▸ **YOUR TASK**
From the records below, print exactly the lines starting at the one containing "Q: How is the" and ending at the one containing "Q: Monospaced? A: No.", ends included, and nothing else.

MATERIAL FOR THIS EXERCISE: Begin

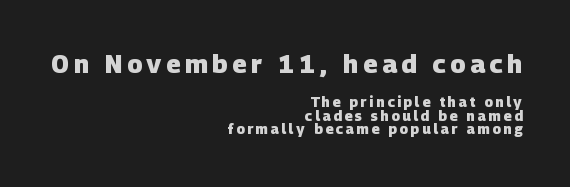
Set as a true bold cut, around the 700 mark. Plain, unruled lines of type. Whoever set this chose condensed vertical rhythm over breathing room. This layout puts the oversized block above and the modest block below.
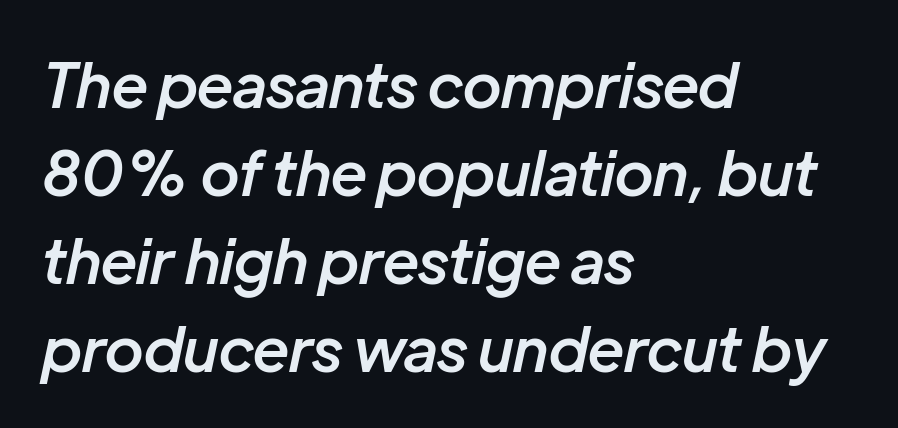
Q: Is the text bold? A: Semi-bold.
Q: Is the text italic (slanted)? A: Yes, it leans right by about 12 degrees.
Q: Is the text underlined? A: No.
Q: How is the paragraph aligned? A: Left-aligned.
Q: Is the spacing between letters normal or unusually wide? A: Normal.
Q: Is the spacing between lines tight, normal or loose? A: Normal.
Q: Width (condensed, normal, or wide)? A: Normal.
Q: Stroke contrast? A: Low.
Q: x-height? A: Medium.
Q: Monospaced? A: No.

MATERIAL FOR THIS EXERCISE: End
MATERIAL FOR THIS EXERCISE: Begin

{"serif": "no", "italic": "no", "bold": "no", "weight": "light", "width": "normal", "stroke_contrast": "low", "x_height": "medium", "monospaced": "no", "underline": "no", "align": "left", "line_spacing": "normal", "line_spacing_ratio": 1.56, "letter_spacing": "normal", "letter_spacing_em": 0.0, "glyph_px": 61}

MATERIAL FOR THIS EXERCISE: End

▸ **ANSWER TO THIS TASK**
Q: How is the paragraph aligned? A: Left-aligned.
Q: Is the spacing between letters normal or unusually wide? A: Normal.
Q: Is the spacing between lines tight, normal or loose? A: Normal.
Q: Width (condensed, normal, or wide)? A: Normal.
Q: Stroke contrast? A: Low.
Q: x-height? A: Medium.
Q: Monospaced? A: No.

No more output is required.